If the West wants to contain or rout the Islamic State of Iraq and al-Sham, it will have to rely on local allies in some way. The history of modern war suggests three ways in which such cooperation has previously been problematic.

In a BBC Radio Four interview on 9 October 2014, UK Defence Secretary Michael Fallon declared that the war against the Islamic State of Iraq and al-Sham (ISIS) in the Middle East ‘can only be won on the ground, but it can also only be won by a home army, not by America or Britain’. According to Fallon, this was the main lesson to be learned from recent Western interventions in Iraq and Afghanistan, where occupation by Western forces had ostensibly triggered full-blown insurgencies. By this logic, rather than deploying ground forces, the West should restrict its role to training and supplying local forces and to supporting the latter with airstrikes. In the fight against ISIS, the relevant local players that warrant Western support are the Iraqi army, Kurdish peshmerga forces and moderate Syrian rebel organisations.

Fallon’s assessment illustrates that the West has taken stock of its post-9/11 counter-insurgency campaigns in Iraq and Afghanistan. The rise of the counter-insurgency paradigm that began with General David Petraeus’s appointment as commanding general of the Multi-National Force–Iraq in 2007 was swiftly followed by a sobering assessment of the West’s pyrrhic victory there, and of Afghanistan’s uncertain future in the wake of the withdrawal of Western security forces.

The West’s reluctance to commit ground troops also reflects the pressures faced by defence planners in an age of austerity: both the UK and the US are implementing far-reaching cuts in their professional armed forces, including cutting their armies by 20%. (Special-forces capabilities, by contrast, will remain unaffected.) Both the US 2014 Quadrennial Defense Review (QDR) and the UK 2010 Strategic Defence and Security Review (SDSR) indicated that one way to tackle the resulting manpower shortage would be by extending reserve forces. An alternative solution, albeit one that the QDR and the SDSR acknowledged much less directly, would be increasing reliance on local auxiliaries: local militia and rebel groups that are willing to bear the brunt of the fighting, with Western support in terms of materiel, communications and, possibly, airstrikes. This is the solution that the West has sought to implement in Libya, Syria and Iraq since 2014.

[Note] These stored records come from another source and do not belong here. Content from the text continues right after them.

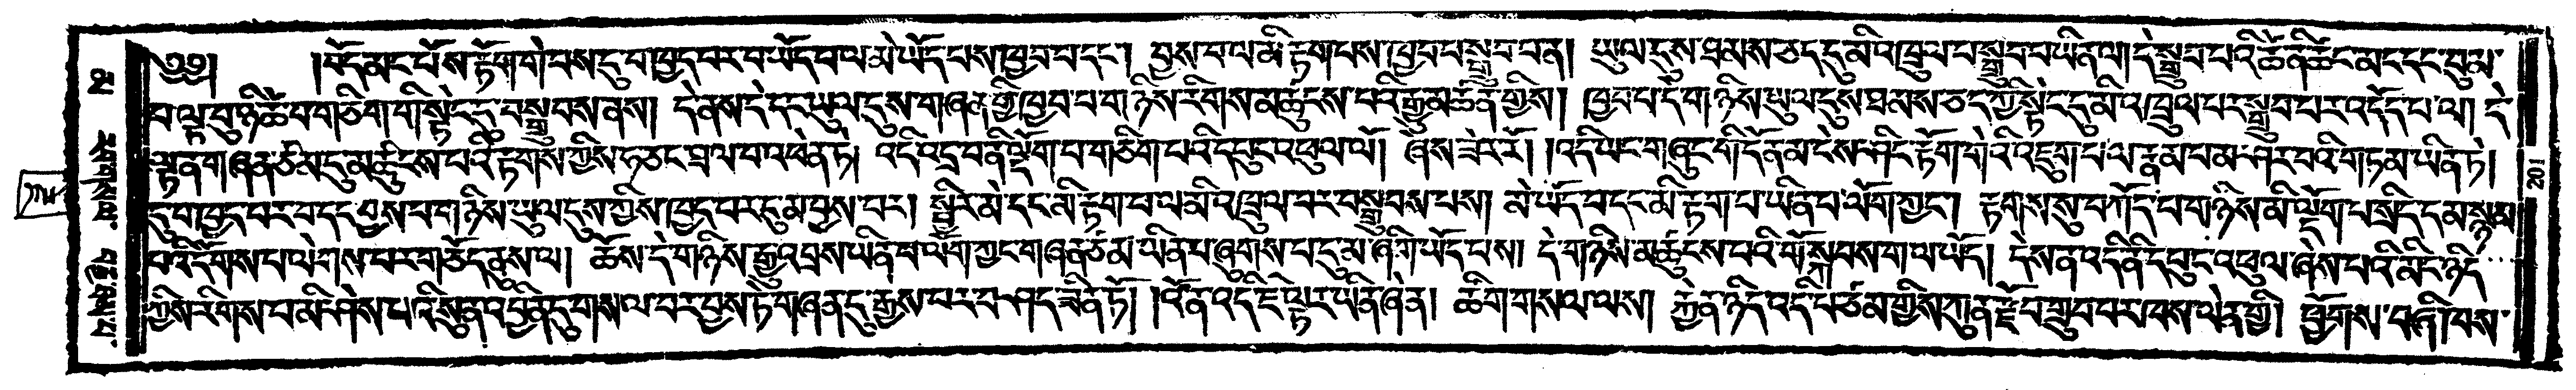༄༅། །བོད་མང་པོས་རྟོག་གེ་བས་དུ་བ་ཁྱད་པར་བ་ཡོད་པ་ལ་མེ་ཡོད་པས་ཁྱབ་པ་དང་། བྱས་པ་ལ་མི་རྟག་པས་ཁྱབ་པ་སྒྲུབ་པ་ན། ཡུལ་དུས་ཐམས་ཅད་དུ་མི་འཁྲུལ་པ་སྒྲུབ་པ་ཡིན་ལ། དེ་སྒྲུབ་པའི་ཚེ་ནི་ཚང་མང་དང་བུམ་
པ་ལྟ་བུ་ཉི་ཚེ་བ་གཅིག་གི་སྟེང་དུ་བསྒྲུབས་ནས། དེ་ནས་དེ་དང་ཡུལ་དུས་གཞན་གྱི་ཁྱབ་པ་གཉིས་རིགས་མཚུངས་པའི་རྒྱུ་མཚན་གྱིས། ཁྱབ་པ་དེ་གཉིས་ཡུལ་དུས་ཐམས་ཅད་ཀྱི་སྟེང་དུ་མི་འཁྲུལ་བར་སྒྲུབ་པར་འདོད་པ་ལ། དེ་
ལྟ་ན་གཞན་ཙམ་དུ་མཚུངས་པའི་རྟགས་ཀྱིས་ཧ་ཅང་ཐལ་བ་འཕེན་ཏེ། འདི་འདྲ་བ་ནི་ལྡོག་པ་གཅིག་པའི་དཔུང་འཕུལ་ལོ། ཞེས་ཟེར་རོ། །འདི་ཡང་གཞུང་གི་དོན་མ་ངེས་ཤིང་རྟོག་གེའི་འཇུག་པ་ལ་རྣམ་པ་མ་ཤར་བའི་གཏམ་ཡིན་ཏེ།
དུ་བ་ཁྱད་པར་བ་དང་བྱས་པ་གཉིས་ཡུལ་དུས་ཀྱིས་ཁྱད་པར་དུ་མ་བྱས་པར། སྤྱིར་མེ་དང་མི་རྟག་པ་ལ་མི་འཁྲུལ་བར་བསྒྲུབས་པས། མེ་ཡོད་པ་དང་མི་རྟག་པ་ཡིན་པ་ལོག་ཀྱང་། རྟགས་སུ་བཀོད་པ་གཉིས་མི་ལྡོག་པ་སྲིད་དམ་སྙམ་
པའི་དོགས་པ་ལེགས་པར་གཅོད་ནུས་ལ། ཆོས་དེ་གཉིས་རྒྱུ་འབྲས་ཡིན་པ་ལོག་ཀྱང་གཞན་ཙམ་ཡིན་པ་ཞུགས་པ་དུ་མ་ཞིག་ཡོད་པས། དེ་གཉིས་མཚུངས་པའི་གོ་སྐབས་ག་ལ་ཡོད། དེས་ན་འདི་ནི་དཔུང་འཕུལ་ཞེས་པའི་མིང་ཉིད་
ཀྱིས་རིགས་པ་མི་ཤེས་པའི་སུན་འབྱིན་དུ་གསལ་བར་བྱས་ཏེ་གཞན་དུ་རྒྱས་པར་བཤད་ཟིན་ཏོ། །འོ་ན་འདི་ཇི་ལྟར་ཡིན་ཞེ་ན། ཚིག་གསལ་ལས། རྐྱེན་ཉིད་འདི་པ་ཙམ་གྱིས་ཀུན་རྫོབ་གྲུབ་པར་ཁས་ལེན་གྱི། ཕྱོགས་བཞི་ཁས་
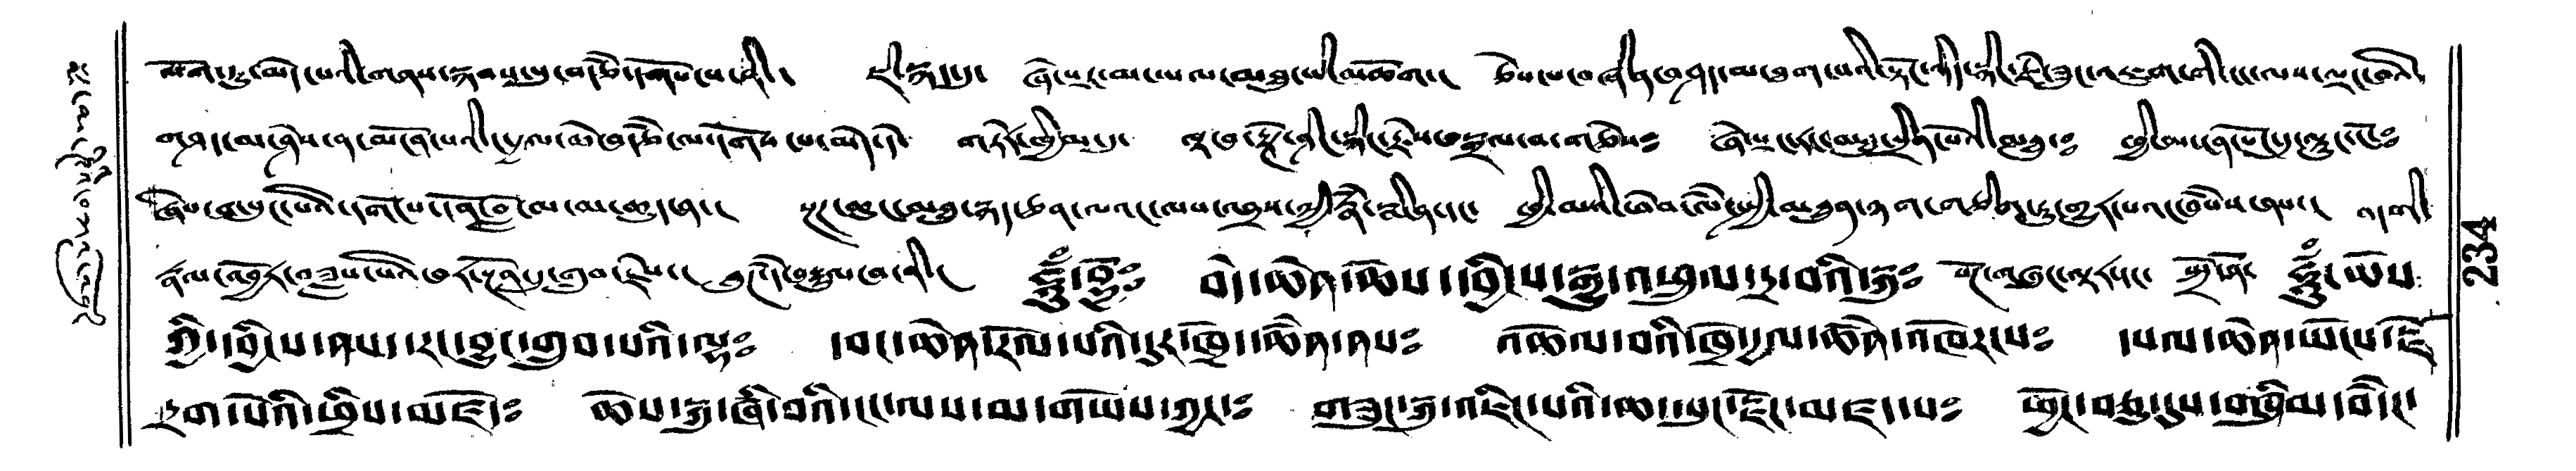འགོག་ཏུ་མེད་པའི་གནས་སྐབས་སུ་རྩོམ་དགོས་པ་ནི། ཇི་སྐད་དུ། ཞེ་སྡང་མང་ཡལ་མཐུ་ཡི་མཆོག་ ཅེས་པ་བཞིན་བཤད་མ་ཐག་པའི་སྟོང་ཉིད་སྙིང་རྗེ་ཟུང་འཇུག་གི་ངང་ལས་ལྡང་བའི་
གནད་མ་ཤེས་ན་མངོན་པའི་ང་རྒྱལ་ཆེ་ཙམ་ལ་དགོས་པ་མེད་དེ། གཏེར་ཁྱིམ་དུ། ལྟ་བ་རྟོགས་ཤིང་སྙིང་རྗེས་བསྒྲལ་བ་གཅེས༔ ཞེ་སྡང་རང་མཐུ་སྲིན་པོའི་མཐུ༔ ཕྱི་མ་ངན་སོང་དུ་ལྟུང་ངོ༔ 
ཞེས་གསུངས་པའི་དགོངས་དོན་བློ་ལ་མ་ཆུད་ན། སྔགས་ཆུང་མཐུ་སྐད་ཅན་ལའང་ལས་འབྲས་ཀྱི་རྣམ་སྨིན་དང་ཕྱི་མའི་ཕེབས་ལམ་སྤྱི་མཐུན་ཉག་གཅིག་ཏུ་གྱུར་པའང་བསམས་ནས།བདག་གི་
རྣལ་འབྱོར་བཟླས་པའི་བར་སྔོན་དུ་གྲུབ་རྗེས། ཐུགས་དམ་སྐུལ་བ་ནི། ཧཱུྃ་བྷྱོཿ བདེ་ཆེན་ཆོས་དབྱིངས་སྒྱུ་འཕྲུལ་དྲྭ་བའི་སྐུཿ སོགས་གཞུང་ལྟར་དང་། སྤྲོ་ན། ཧཱུྃ་ཆོས་
ཀྱི་དབྱིངས་ནས་རང་བྱུང་གྲུབ་པའི་ལྷཿ དབང་ཆེན་རོལ་པའི་དུར་ཁྲོད་ཆེན་པོས་ནསཿ འཆོལ་བའི་ཁྲོ་རྒྱལ་ཆེན་པོ་འཁོར་དང་བཅསཿ དཔལ་ཆེན་ཡོངས་རྫོགས་
དྲག་པོའི་ཕྲིན་ལས་མཛོདཿ ཆོས་སྐུ་ཞི་བའི་ངང་ལས་མ་གཡོས་ཀྱངཿ གཟུགས་སྐུ་འཇིགས་པའི་ཆད་ལུགས་རྫོགས་མཛད་པཿ ཕྱོགས་བཅུ་དུས་གསུམ་བདེ་གཤེགས་

Of course, reliance on local auxiliaries is a phenomenon that long pre-dates the current age of austerity. In the earlier phases of the ‘war on terror’, Western coalitions cooperated with local allies such as the Northern Alliance in Afghanistan and the peshmerga in Iraq. The enlistment of local Sunni fighters in Iraq between 2006 and 2010 under the framework of the Sons of Iraq (SOI) scheme was seen as a central element of Western forces’ efforts to turn the tide of the Iraqi insurgency and defeat al-Qaeda in Iraq. Given the current financial pressures on the West’s military resources and manpower, the importance of local auxiliaries is likely to increase.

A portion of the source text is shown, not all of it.